The Electric Lines Of Force At Any Point On The Equipotential Surfaces

The equipotential surfaces are drawing from any point by found another near with equal potential on infinitesimal circular environment.

The electric lines of force at any point on the equipotential surfaces.

Because a conductor is an equipotential it can replace any equipotential surface. 4 1 0 1 9 j. In moving from a to b along an electric field line the work done by the electric field on an electron is 6. In this case the equipotential surfaces are spheres are on the center of the charge.

Any surface with the same electric potential at every point is known as an equipotential surface. Because a conductor is an equipotential it can replace any equipotential surface. The figure below shows the equipotential surfaces in dashed lines and electric field lines in solid lines produced by a positive point charge. If an object with charge 2 nc moves from a location that has a potential of 20 v to a location with a potential of 10 v what has happened to the potential energy of the system.
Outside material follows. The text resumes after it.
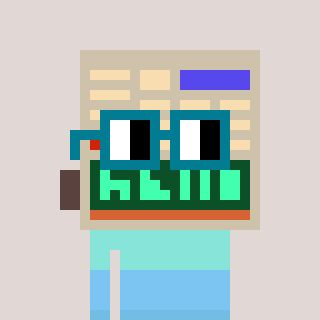
a pixel art character with square dark green glasses, a calculator-shaped head and a magenta-colored body on a warm background
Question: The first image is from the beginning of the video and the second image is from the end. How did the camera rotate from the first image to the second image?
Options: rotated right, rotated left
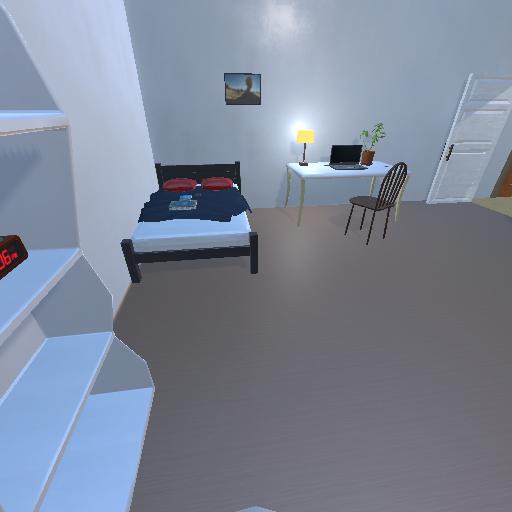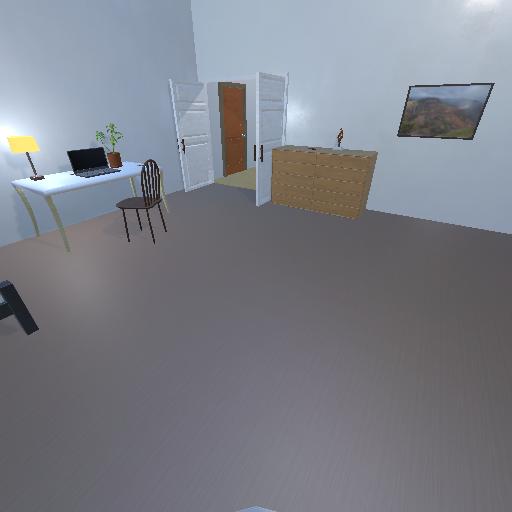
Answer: rotated right

Electric field lines are always perpendicular to equipotential surfaces and point toward locations of lower potential. For example in figure pageindex 1 a charged spherical conductor can replace the point charge and the electric field and potential surfaces outside of it will be unchanged confirming the contention that a spherical charge distribution is equivalent to a point charge at its center. Visit us to know more about equipotential surface and their properties. This means that the electric lines of force are always at right angle to the equipotential surface.

Equipotential surface is one of the main topics in electrostatics. For example in figure 1 a charged spherical conductor can replace the point charge and the electric field and potential surfaces outside of it will be unchanged confirming the contention that a spherical charge distribution is equivalent to a point charge at its center. This is because there is no potential gradient along any direction parallel to the surface and so no electric field parallel to the surface. Movement along an equipotential surface needs no work since such movement is always perpendicular to the electric field.

You will find its definition along with important properties and solved problems here. Equipotential or isopotential in mathematics and physics refers to a region in space where every point in it is at the same potential.